▎ 摘　　要

Locating nanoparticles in selected areas via the mixing of two immiscible polymers is widely studied for achieving nanocomposites with next-level performance, however, the formation of a phase-separated domain constructed with nanofillers from entirely miscible molecules is rarely achieved in the literature. Here we demonstrate a method to fabricate a self-constructed bi-continuous phase structure with localized amine-functionalized graphene nanoplatelets (A-GNPs) in a liquid processable multi-component epoxy blend. Atomic force microscopy infrared spectroscopy (AFM-IR) was employed to identify the compositions of the phase -separated microdomains formed during self-assembly by A-GNP in the multi-component epoxy blend, with incorporating 1-(2-aminoethyl) piperazine (AEPIP) found to be the driving force for the formation of the gra-phene microdomains. Nanoindentation measurements show that a Young's modulus of 6.3 GPa for the graphene domain was achieved, which is nearly twice that of the epoxy resin (3.2 GPa).
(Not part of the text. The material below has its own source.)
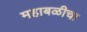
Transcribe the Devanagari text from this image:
महाबळीचा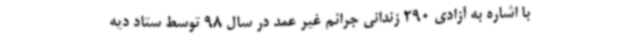
با اشاره به آزادی 290 زندانی جرائم غیر عمد در سال 98 توسط ستاد دیه

Transient thermoreflectance re-sults indicate that the thermal conductivity of nanocomposite with phase-separated graphene domain reached 0.48 W/mK, exhibiting a significant enhancement (70%) when compared to epoxy resin, while maintaining excellent dielectric properties. Overall, this study provides a simple and effective route to fabricate phase -separated microstructure with nanoparticles from a liquid processable nanocomposite blend, which shows the great potential of this promising new approach to fabricate nanocomposite films with excellent performance for microelectronics applications.